Would you be able to provide info on the environment you are using to run the images so that we can set up our own VM/server on our side to make debugging these problems easier?
Thanks,
Josh
Hi @JoshReed,
The `docker run` command looks correct. Unfortunately our max_map_count and max_open_files is less.

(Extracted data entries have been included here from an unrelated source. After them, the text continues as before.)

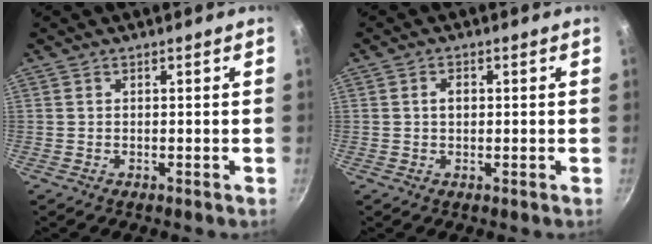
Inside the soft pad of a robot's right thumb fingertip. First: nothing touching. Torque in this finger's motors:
{"motor_torque": [0.27, 0.57, 0.36, -0.33, -0.01]}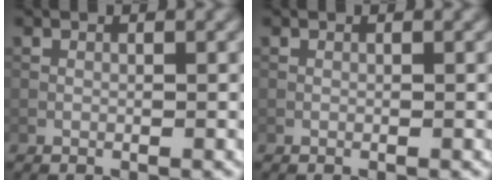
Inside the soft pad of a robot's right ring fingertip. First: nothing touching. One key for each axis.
{"total": 0.0}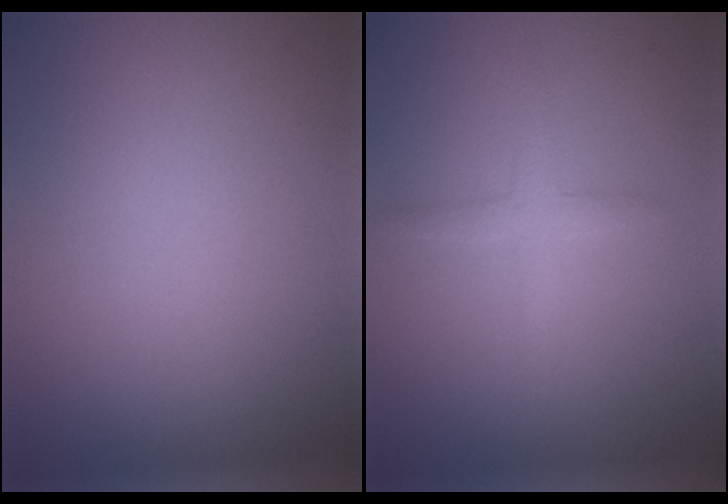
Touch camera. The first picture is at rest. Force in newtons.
{"total": 1.7, "press": 1.7, "slide": 0.1}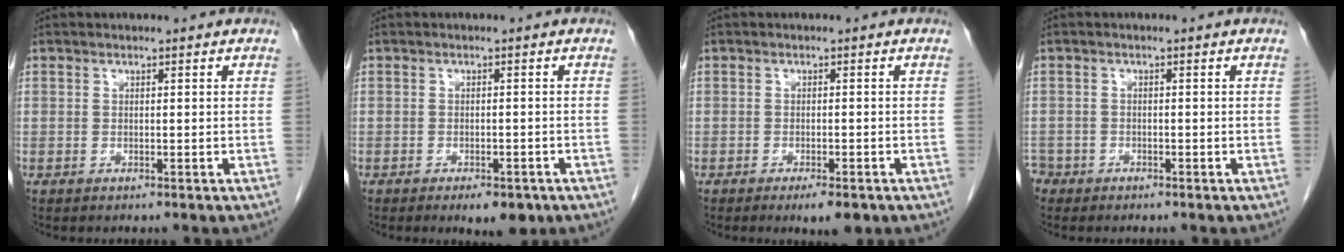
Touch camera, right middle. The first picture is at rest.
{"total": 4.3, "force": [-2.7, 1.6, 2.8], "torque": [-0.035, -0.004, -0.031]}
{"total": 3.6, "force": [-2.3, 0.8, 2.7], "torque": [-0.038, -0.006, -0.028]}
{"total": 2.7, "force": [-2.2, 1.7, 0.0], "torque": [-0.004, 0.003, -0.044]}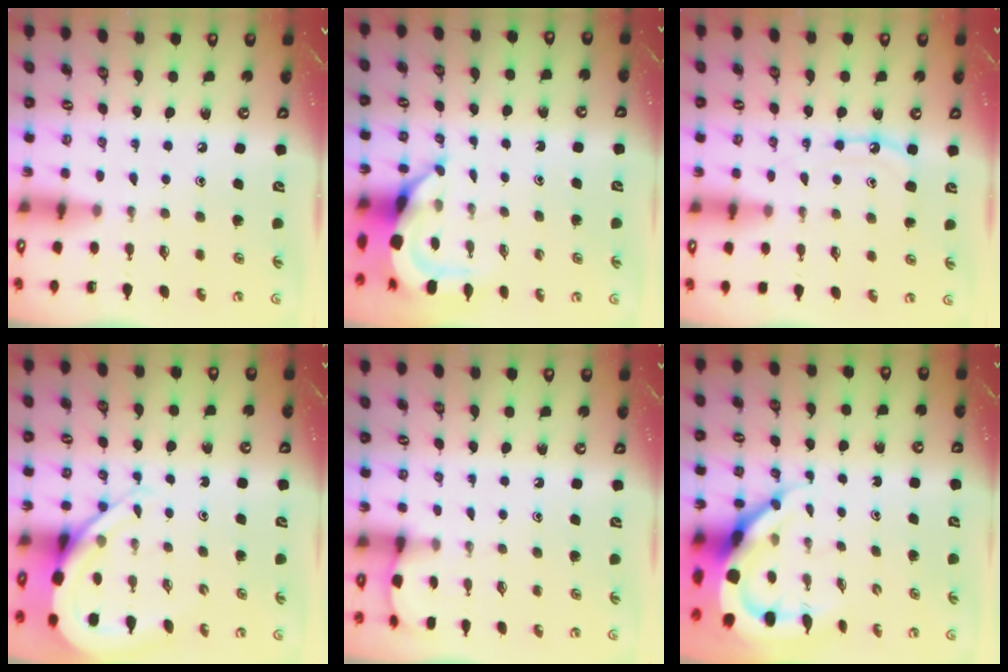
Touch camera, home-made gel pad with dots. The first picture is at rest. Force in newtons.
{"total": 6.1, "press": 6.0, "slide": 0.5}
{"total": 8.8, "press": 8.8, "slide": 0.5}
{"total": 8.7, "press": 8.6, "slide": 0.7}
{"total": 1.9, "press": 1.9, "slide": 0.2}
{"total": 10.9, "press": 10.8, "slide": 1.2}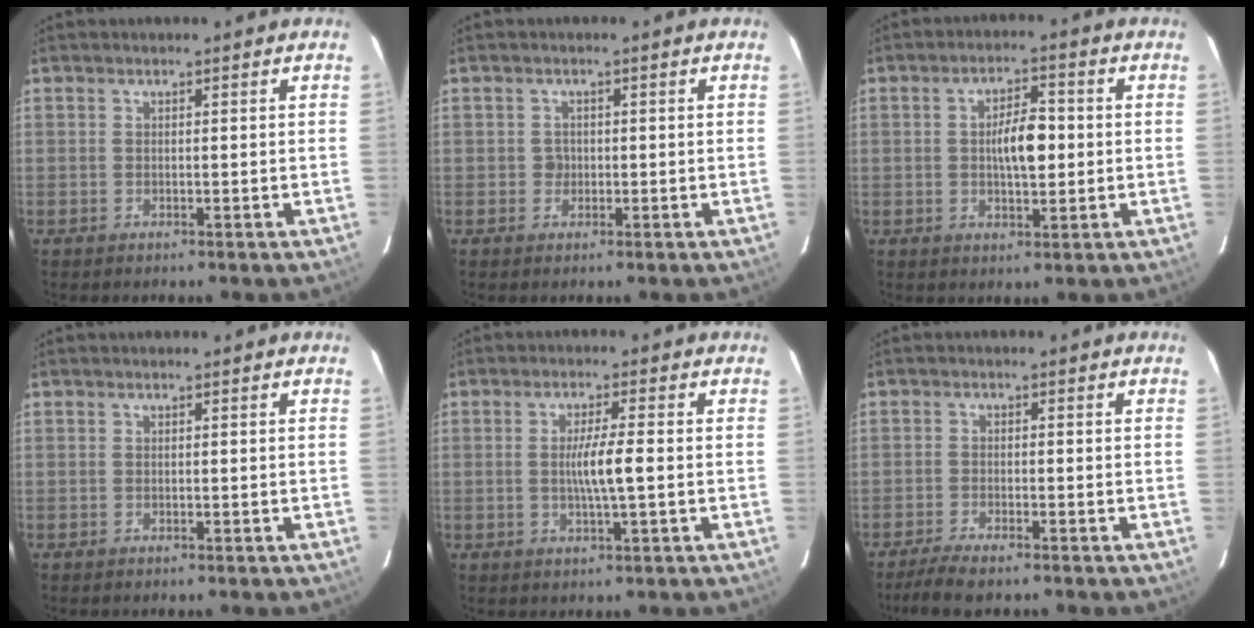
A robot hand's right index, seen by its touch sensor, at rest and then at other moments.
{"total": 1.3, "force": [-0.2, 1.2, 0.5], "torque": [-0.008, 0.003, -0.002]}
{"total": 6.2, "force": [0.1, 2.1, 5.8], "torque": [-0.101, 0.011, 0.003]}
{"total": 0.0}
{"total": 4.9, "force": [-0.3, -0.1, 4.9], "torque": [-0.089, -0.006, -0.006]}
{"total": 5.2, "force": [-4.2, 0.6, 3.0], "torque": [-0.053, -0.012, -0.070]}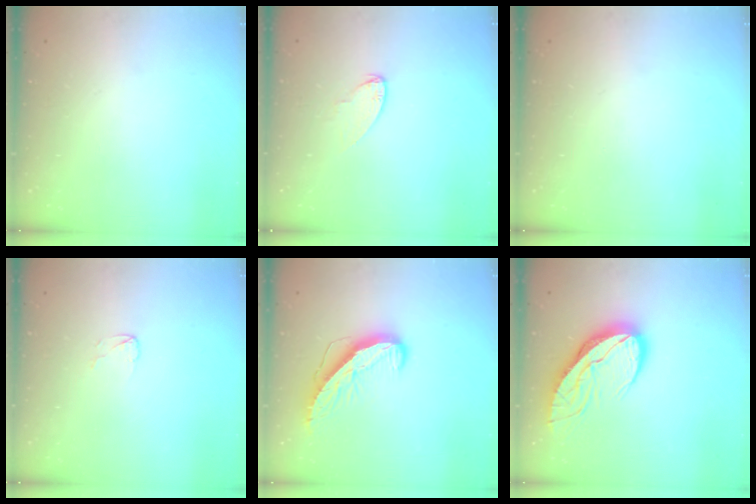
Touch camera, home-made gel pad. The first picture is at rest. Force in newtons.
{"total": 4.7, "press": 4.6, "slide": 0.4}
{"total": 0.0}
{"total": 2.6, "press": 2.6, "slide": 0.2}
{"total": 9.5, "press": 9.5, "slide": 0.5}
{"total": 11.7, "press": 11.6, "slide": 1.2}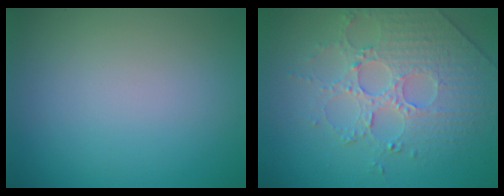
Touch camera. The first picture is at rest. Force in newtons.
{"total": 4.5, "press": 4.1, "slide": 2.0}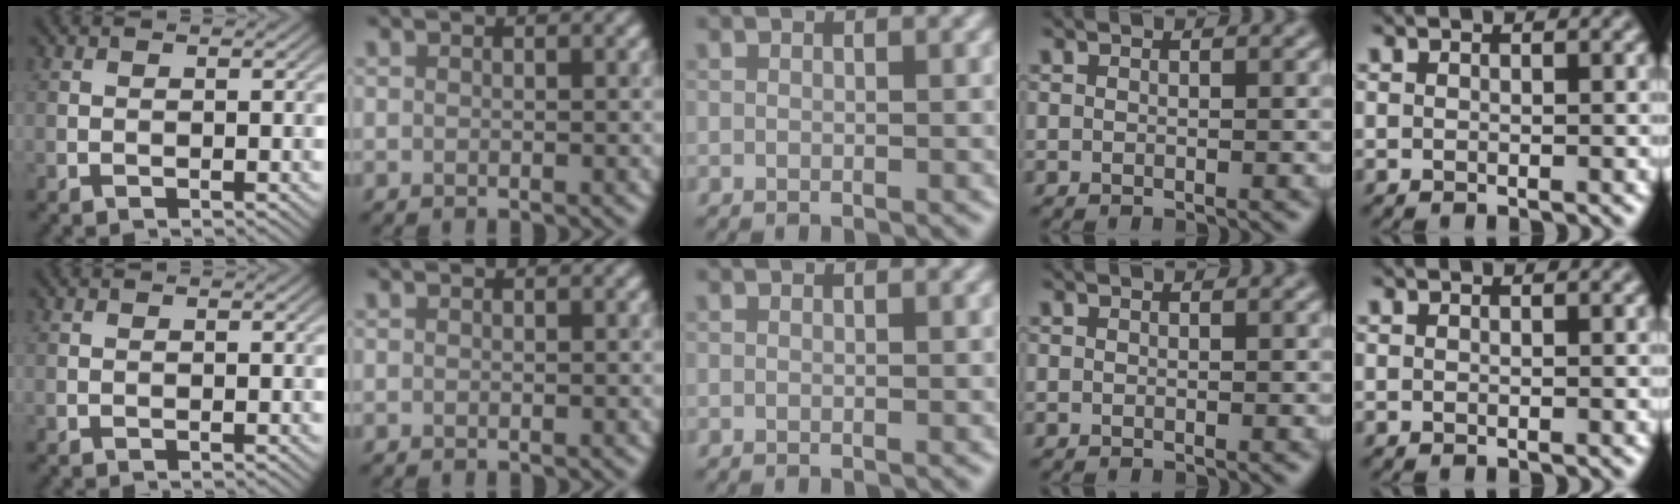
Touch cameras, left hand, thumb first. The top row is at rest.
{}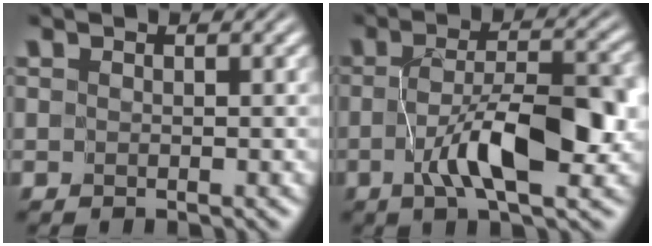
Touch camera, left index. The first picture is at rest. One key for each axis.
{"total": 8.1, "fx": -2.3, "fy": 2.6, "fz": 7.3, "tx": -0.125, "ty": -0.003, "tz": -0.036}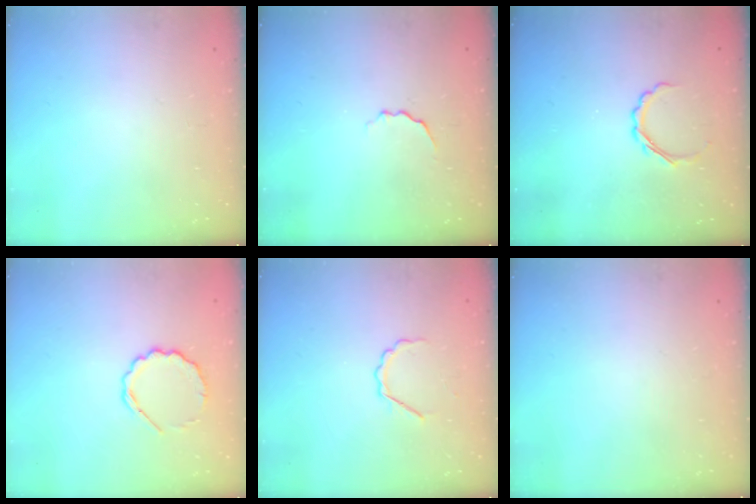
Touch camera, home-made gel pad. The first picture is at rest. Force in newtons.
{"total": 3.0, "press": 2.9, "slide": 0.7}
{"total": 5.4, "press": 5.2, "slide": 1.5}
{"total": 7.4, "press": 7.1, "slide": 2.0}
{"total": 3.3, "press": 3.3, "slide": 0.5}
{"total": 0.0}

So I'm confused by your numbers, but...
MAX_OPEN_FILES:
```
cat /proc/sys/fs/file-max
3282740
```
MAX_MAP_COUNT:
```
cat /proc/sys/vm/max_map_count
65530
```
Can you not set these values in your code?
Best,
Tom Hi @thomas.yu,
I am currently using `docker run --rm -v ~/Documents/input/:/input/ -v ~/Documents/data/:/data/ -v ~/Documents/output:/output/ docker.synapse.org/syn21752035/first_submission:version1 ` to run the image locally. MAX_OPEN_FILES = 65535, MAX_MAP_COUNT = 262144 are the current values on my local machine which is running macOS Catalina 10.15.3. Hi @JoshReed,
Could you please provide us with the `docker run` command you used to run your image locally?
We do not use any arguments to limit MAX_MAP_COUNT or MAX_OPEN_FILES. Its entirely possible that these variables are tied to the instance / computer that you are running this on and that these values are lower on our instance. What are these values on your server?